(Source records)
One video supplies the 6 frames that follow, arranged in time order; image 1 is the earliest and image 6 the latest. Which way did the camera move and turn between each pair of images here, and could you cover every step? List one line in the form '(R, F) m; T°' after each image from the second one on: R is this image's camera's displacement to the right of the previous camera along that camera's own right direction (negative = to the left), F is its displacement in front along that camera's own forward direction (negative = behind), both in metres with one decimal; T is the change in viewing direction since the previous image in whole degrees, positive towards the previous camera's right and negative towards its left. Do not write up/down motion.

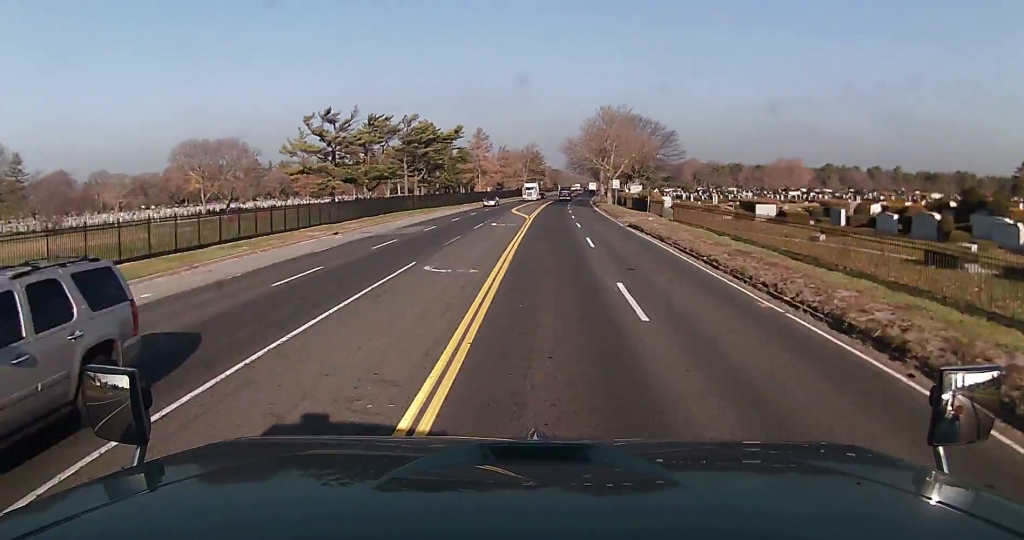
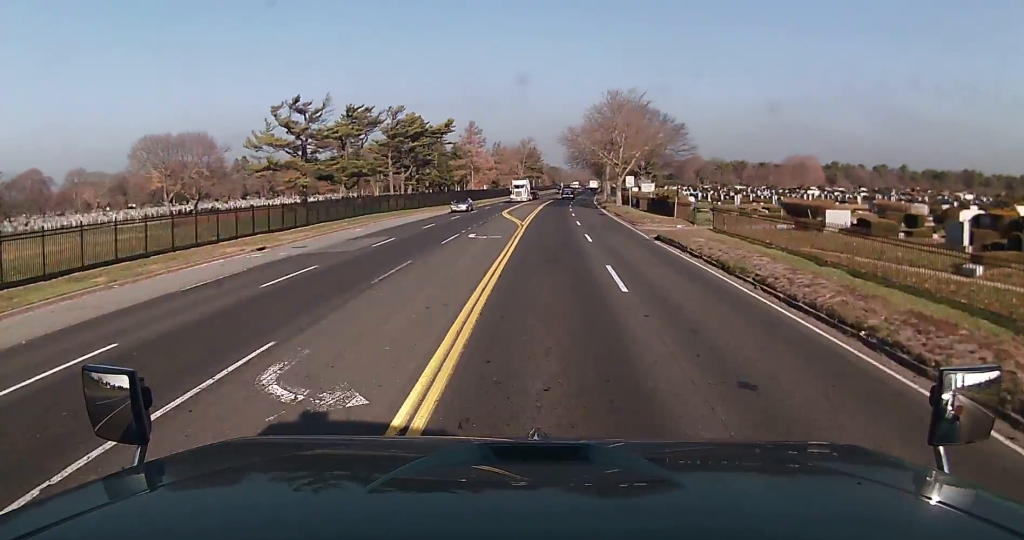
(+0.1, +12.4) m; 0°
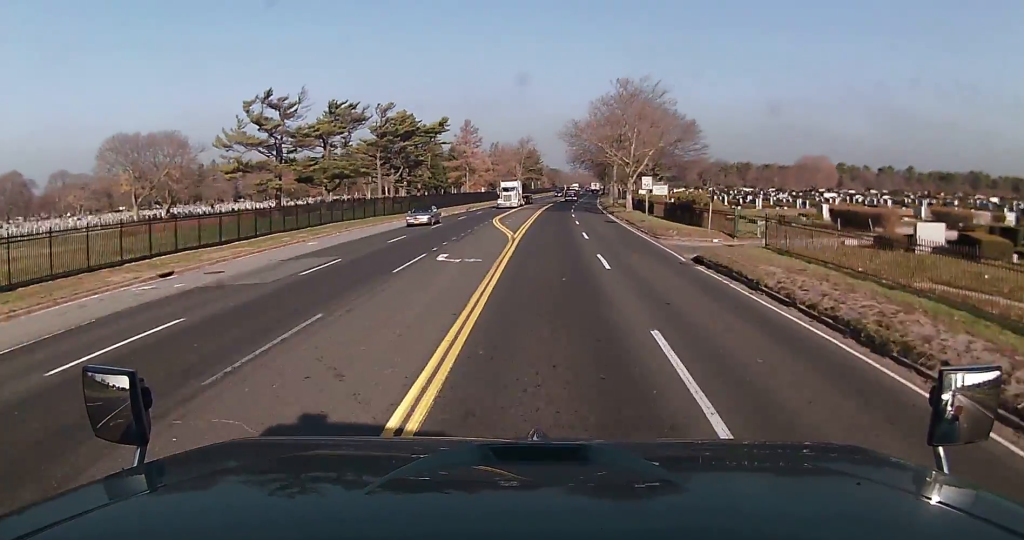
(0.0, +9.3) m; 0°
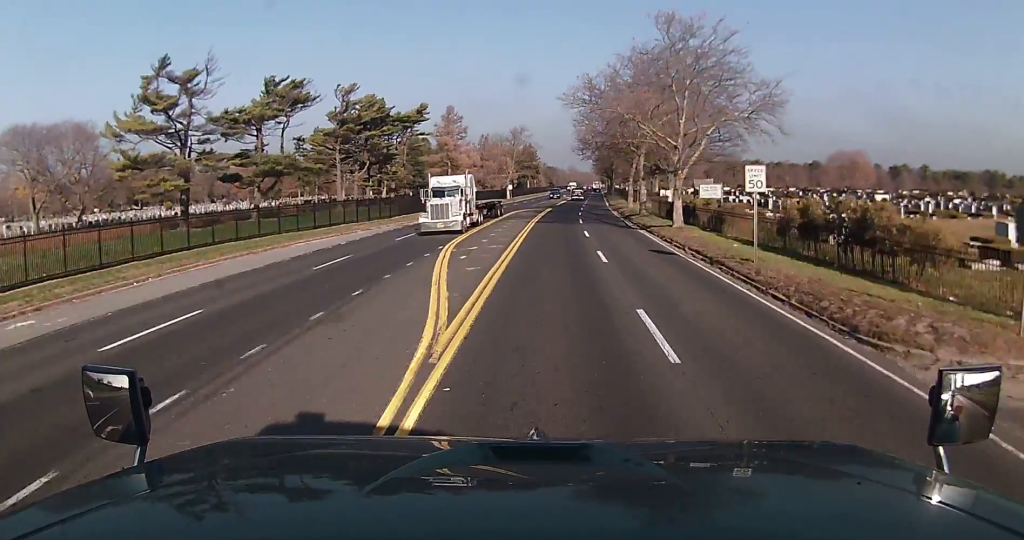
(-0.1, +23.4) m; -1°
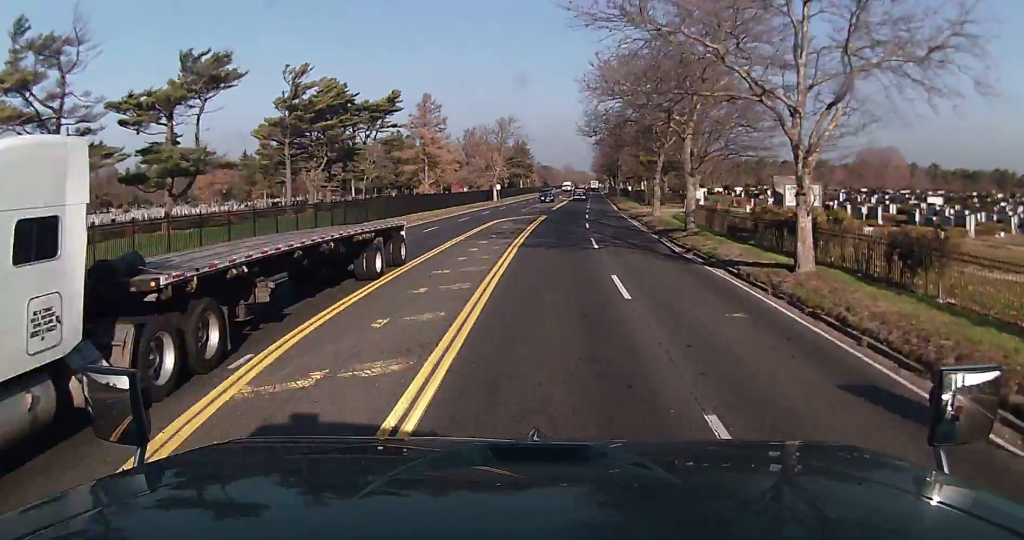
(-0.4, +18.7) m; 0°
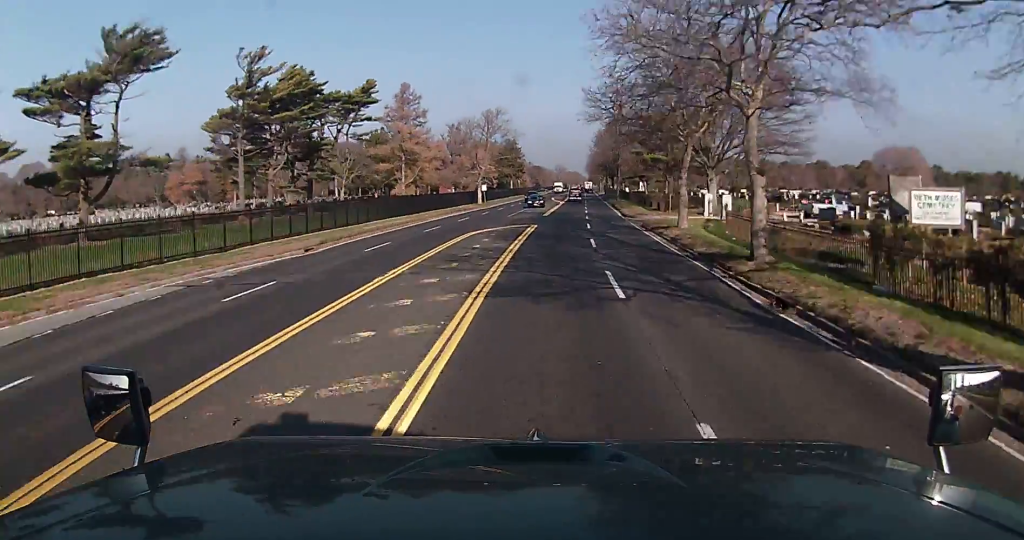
(+0.2, +11.7) m; +1°

▶ WHAT THE TASK REQUIRES:
Restate the records above verbatim. Pictures stay out.

▶ RESULT BELOW:
One video supplies the 6 frames that follow, arranged in time order; image 1 is the earliest and image 6 the latest. Which way did the camera move and turn between each pair of images here, and could you cover every step? List one line in the form '(R, F) m; T°' after each image from the second one on: R is this image's camera's displacement to the right of the previous camera along that camera's own right direction (negative = to the left), F is its displacement in front along that camera's own forward direction (negative = behind), both in metres with one decimal; T is the change in viewing direction since the previous image in whole degrees, positive towards the previous camera's right and negative towards its left. Do not write up/down motion.

(+0.1, +12.4) m; 0°
(0.0, +9.3) m; 0°
(-0.1, +23.4) m; -1°
(-0.4, +18.7) m; 0°
(+0.2, +11.7) m; +1°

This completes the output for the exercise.